- What to produce
Each line of the listing must be transcribed exactly, except for the images, which should be excluded.

(Provided data Opens)

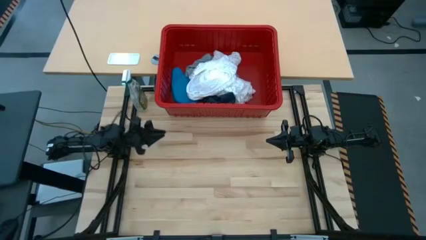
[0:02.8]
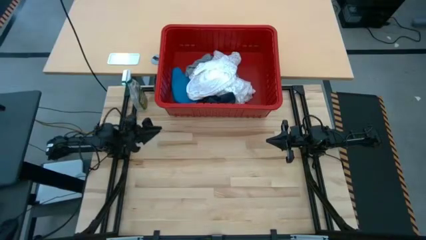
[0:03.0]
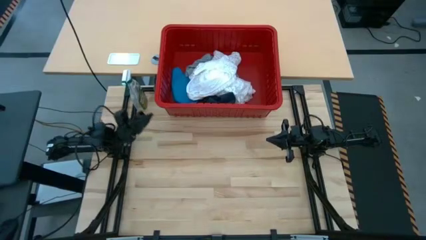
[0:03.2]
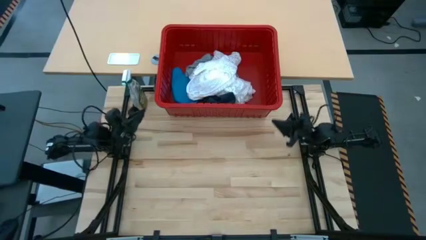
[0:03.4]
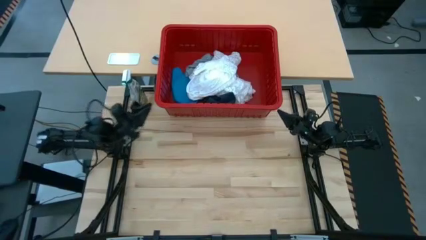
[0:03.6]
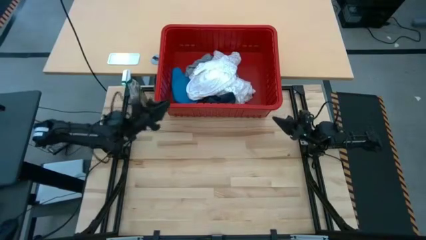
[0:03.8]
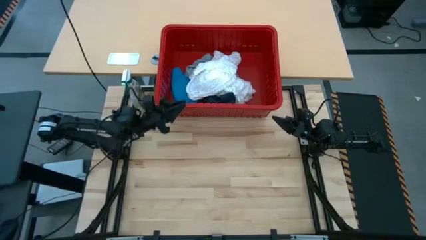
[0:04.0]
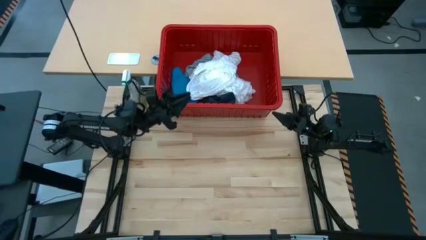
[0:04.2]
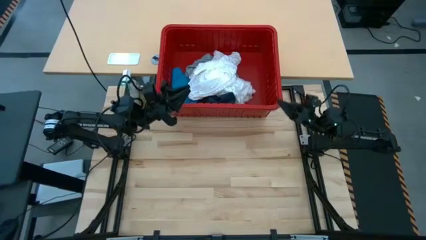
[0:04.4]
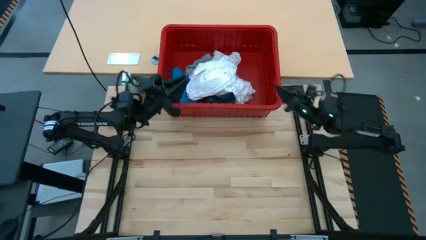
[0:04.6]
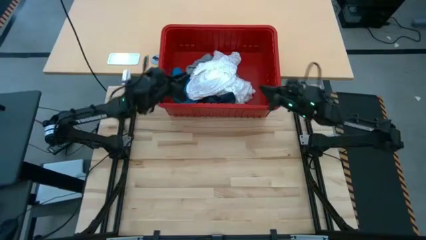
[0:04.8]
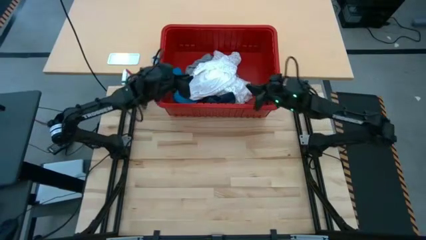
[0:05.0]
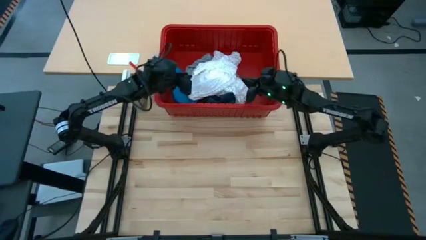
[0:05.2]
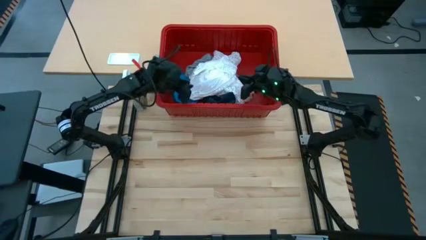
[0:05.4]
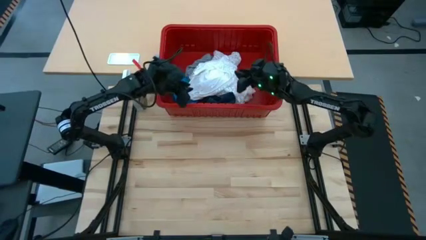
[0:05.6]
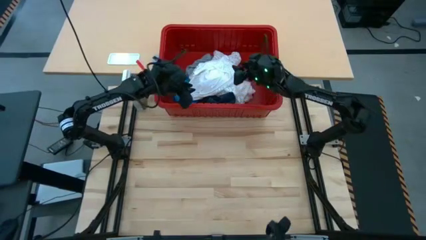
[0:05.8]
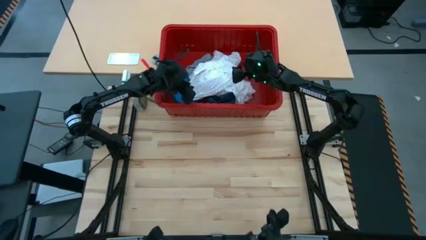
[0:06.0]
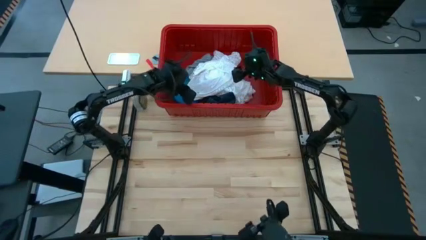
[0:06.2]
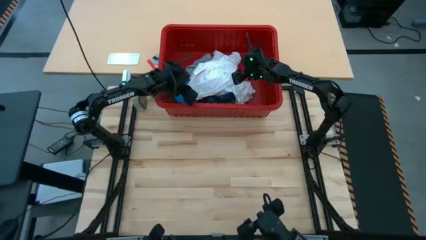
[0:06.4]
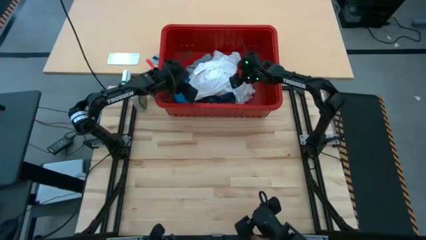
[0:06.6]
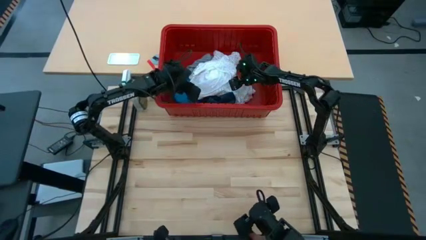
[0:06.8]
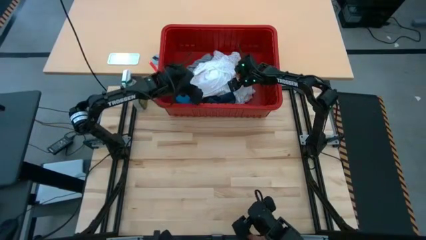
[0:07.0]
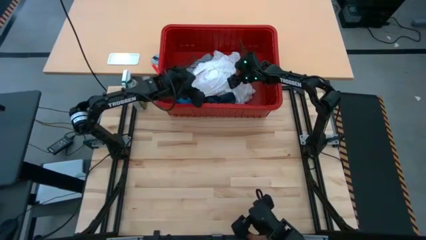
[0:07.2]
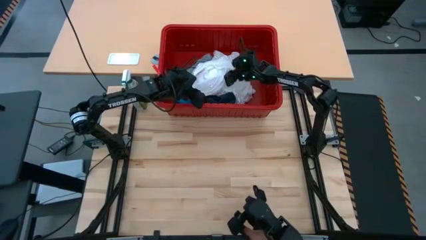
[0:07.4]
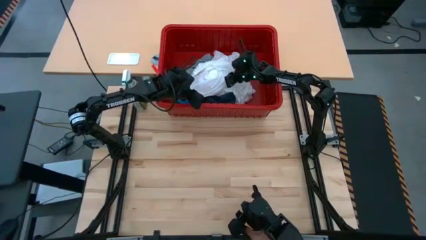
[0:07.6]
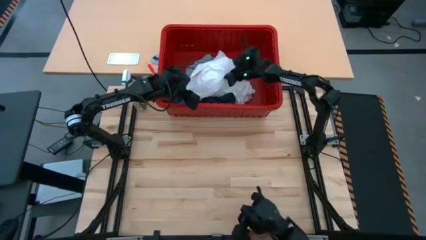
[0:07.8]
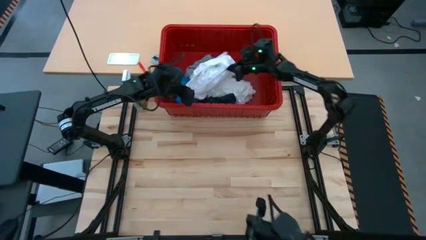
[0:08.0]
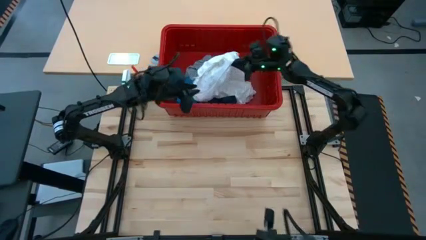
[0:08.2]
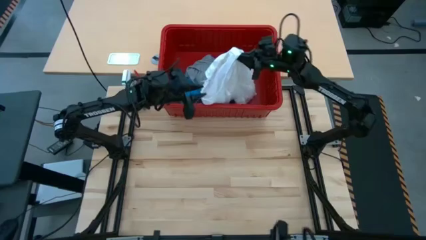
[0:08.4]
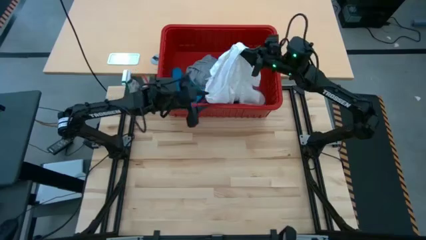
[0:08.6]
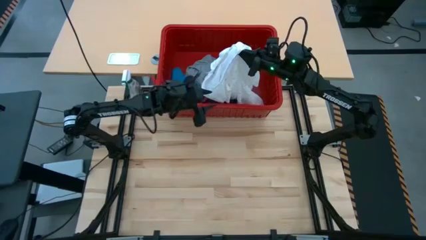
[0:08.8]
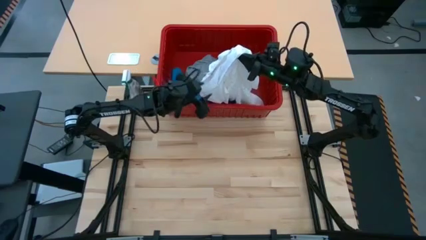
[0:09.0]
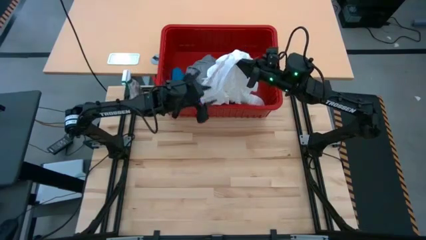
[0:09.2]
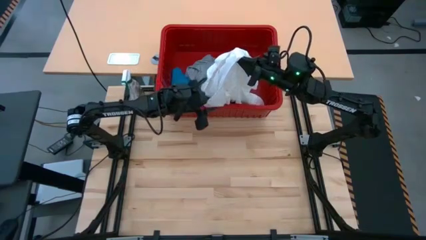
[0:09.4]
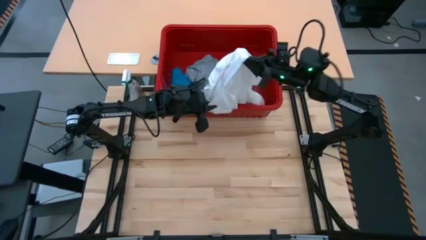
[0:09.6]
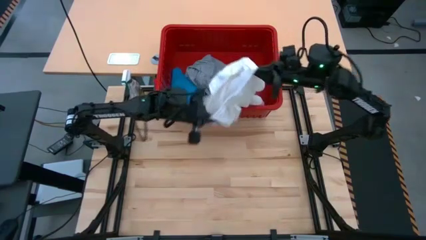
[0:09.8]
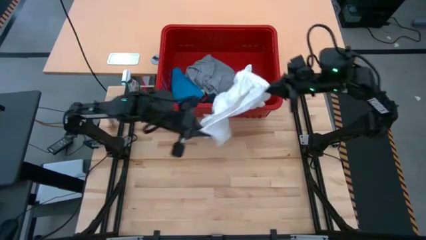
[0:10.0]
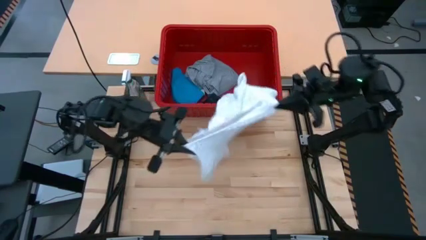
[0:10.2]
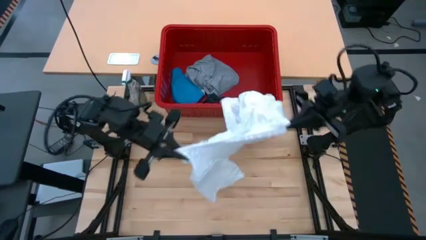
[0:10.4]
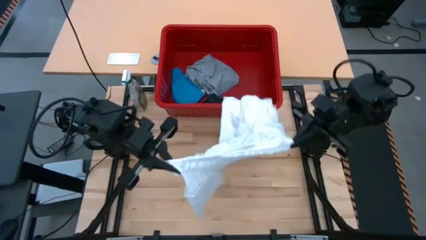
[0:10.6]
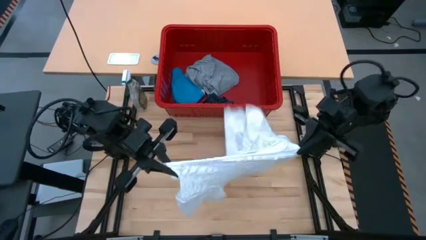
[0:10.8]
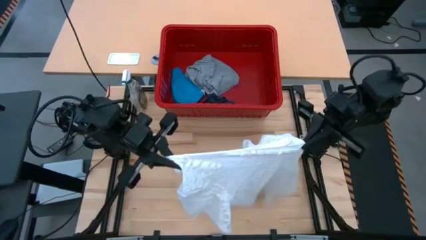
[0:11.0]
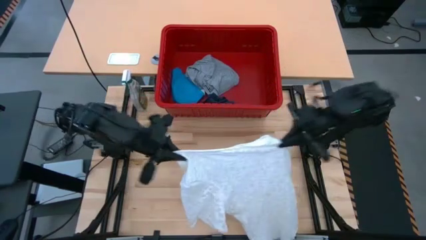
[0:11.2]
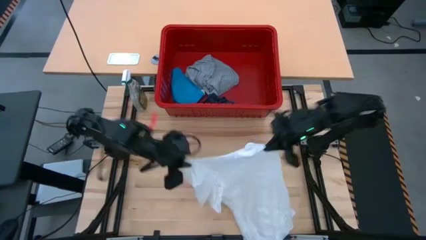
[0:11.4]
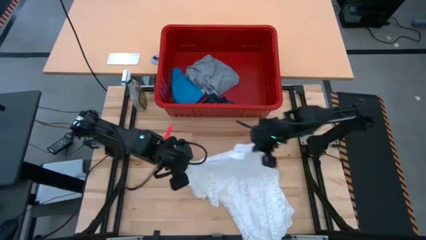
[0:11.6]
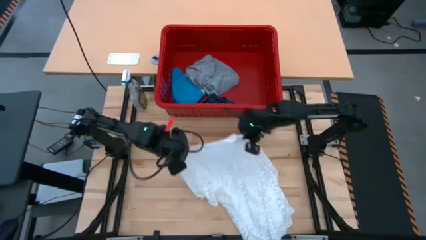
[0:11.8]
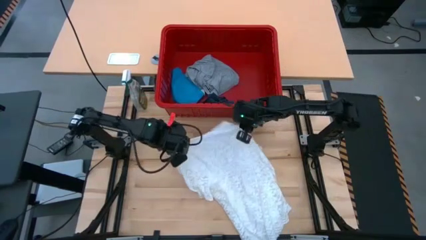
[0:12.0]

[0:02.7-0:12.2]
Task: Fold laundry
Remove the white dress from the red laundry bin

(Provided data Closes)

- Task solution
[0:02.8]
[0:03.0]
[0:03.2]
[0:03.4]
[0:03.6]
[0:03.8]
[0:04.0]
[0:04.2]
[0:04.4]
[0:04.6]
[0:04.8]
[0:05.0]
[0:05.2]
[0:05.4]
[0:05.6]
[0:05.8]
[0:06.0]
[0:06.2]
[0:06.4]
[0:06.6]
[0:06.8]
[0:07.0]
[0:07.2]
[0:07.4]
[0:07.6]
[0:07.8]
[0:08.0]
[0:08.2]
[0:08.4]
[0:08.6]
[0:08.8]
[0:09.0]
[0:09.2]
[0:09.4]
[0:09.6]
[0:09.8]
[0:10.0]
[0:10.2]
[0:10.4]
[0:10.6]
[0:10.8]
[0:11.0]
[0:11.2]
[0:11.4]
[0:11.6]
[0:11.8]
[0:12.0]

[0:02.7-0:12.2]
Task: Fold laundry
Remove the white dress from the red laundry bin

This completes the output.